With a compact form factor smaller than the size of a credit
card, the energy-efficient Jetson Xavier NX module delivers
server-class performance up to 21 TOPS for running modern AI
workloads, and consumes as little as 10 watts of power.
Jetson Xavier NX opens the door for embedded edge computing
devices that demand increased performance but are constrained by
size, weight, power budgets or cost. These include small commercial
robots, drones, intelligent high-resolution sensors for factory
logistics and production lines, optical inspection, network video
recorders, portable medical devices and other industrial IoT
systems.
“AI has become the enabling technology for modern robotics and
embedded devices that will transform industries,” said Deepu Talla,
vice president and general manager of Edge Computing at NVIDIA.
“Many of these devices, based on small form factors and lower
power, were constrained from adding more AI features. Jetson Xavier
NX lets our customers and partners dramatically increase AI
capabilities without increasing the size or power consumption of
the device.”
Jetson Xavier NX delivers up to 14 TOPS (at 10W) or 21 TOPS (at
15W), running multiple neural networks in parallel and processing
data from multiple high-resolution sensors simultaneously in a Nano
form factor (70x45mm). For companies already building embedded
machines, Jetson Xavier NX runs on the same CUDA-X AI™ software
architecture as all Jetson offerings, ensuring rapid time to market
and low development costs.
As part of NVIDIA’s one software architecture approach, Jetson
Xavier NX is supported by NVIDIA JetPack™ software development kit,
which is a complete AI software stack that can run modern and
complex AI networks, accelerated libraries for deep learning as
well as computer vision, computer graphics, multimedia and
more.
Ecosystem Support Jetson Xavier NX is receiving
strong support from the robotics and embedded devices
ecosystem.
“NVIDIA’s embedded Jetson products have been accelerating the
research, development and deployment of embedded AI solutions on
Lockheed Martin’s platforms,” said Lee Ritholtz, director and chief
architect of Applied Artificial Intelligence at Lockheed Martin.

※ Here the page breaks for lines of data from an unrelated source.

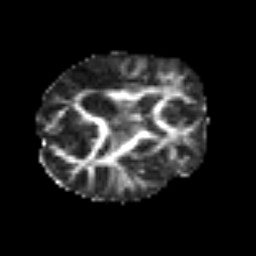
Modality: FA
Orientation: axial
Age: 62
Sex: female
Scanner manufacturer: siemens
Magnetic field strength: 3 T
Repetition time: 3.2 s
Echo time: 0.081 s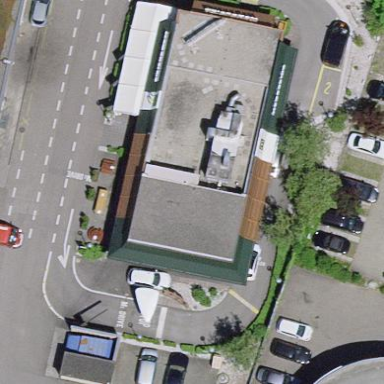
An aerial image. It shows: Fast food restaurant building.
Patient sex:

“With Jetson Xavier NX’s exceptional performance, small form factor
and low power, we will be able to do more processing in real time
at the edge than ever before.”
“Our goal is to dramatically increase the quality and accuracy
of our optical inspection system and accelerate our move towards
industry 4.0,” said Otsuka Hiroshi, CEO of Musashi Seimitsu.

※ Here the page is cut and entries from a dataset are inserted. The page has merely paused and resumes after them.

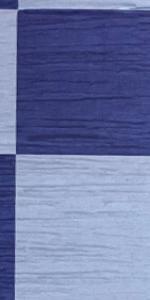
Label: Empty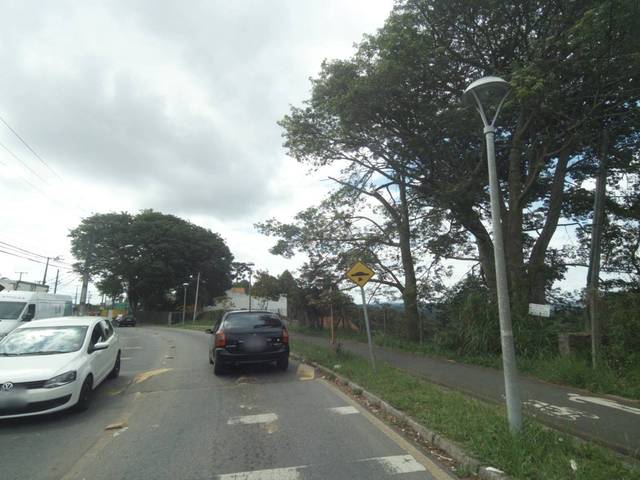
Region: Brazil
Coordinates: -25.385, -49.285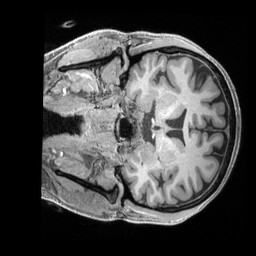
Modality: T1w
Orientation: coronal
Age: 41
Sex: male
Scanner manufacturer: siemens
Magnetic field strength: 3 T
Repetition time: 2.4 s
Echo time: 0.00228 s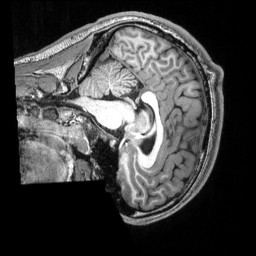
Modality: T1w
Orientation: sagittal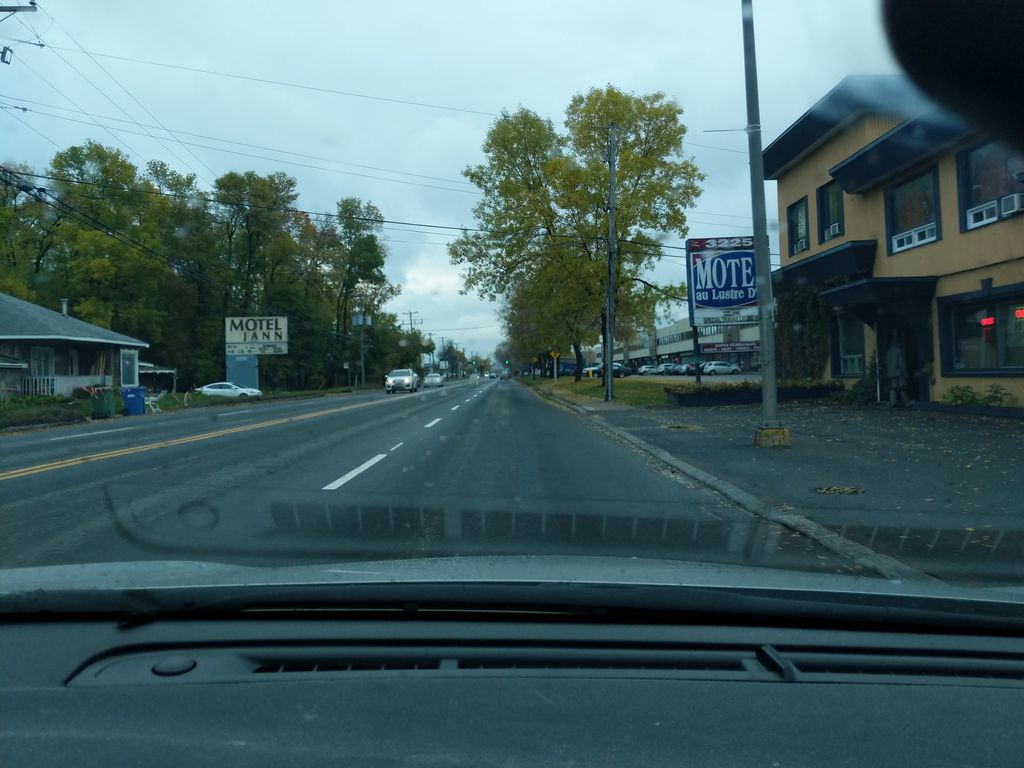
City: quebec_city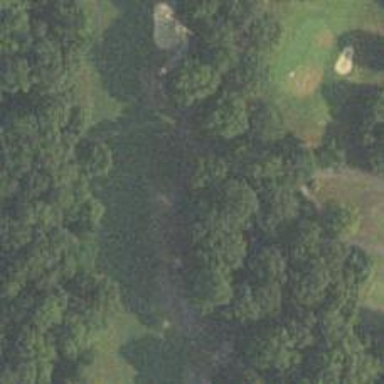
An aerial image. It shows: Path designated for golf carts.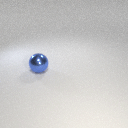
large blue metal sphere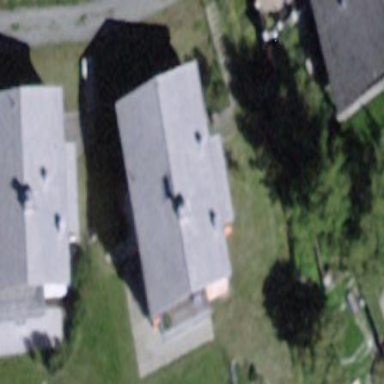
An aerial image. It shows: Gabled building with roof oriented along its structure.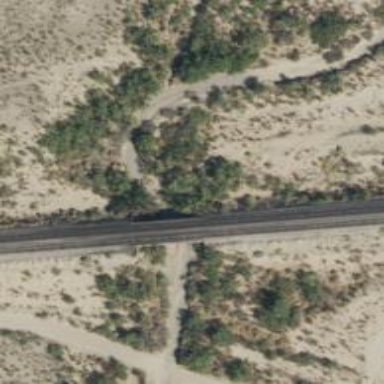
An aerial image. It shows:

“NVIDIA Jetson Xavier NX gives us the compute capabilities to
improve our visual inspection capabilities without increasing the
size and power of our optical inspection system.”
NVIDIA also announced today that it topped all five benchmarks
measuring the performance of AI inference workloads in data centers
and at the edge — building on the company’s equally strong position
in recent benchmarks measuring AI training. The results of MLPerf
Inference 0.5, the industry’s first independent AI benchmark for
inference, demonstrate the inference capabilities of NVIDIA Turing™
GPUs for data centers and the NVIDIA Xavier™ system-on-a-chip for
edge. The Jetson Xavier NX module is built around a new low-power
version of the Xavier SoC used in these benchmarks.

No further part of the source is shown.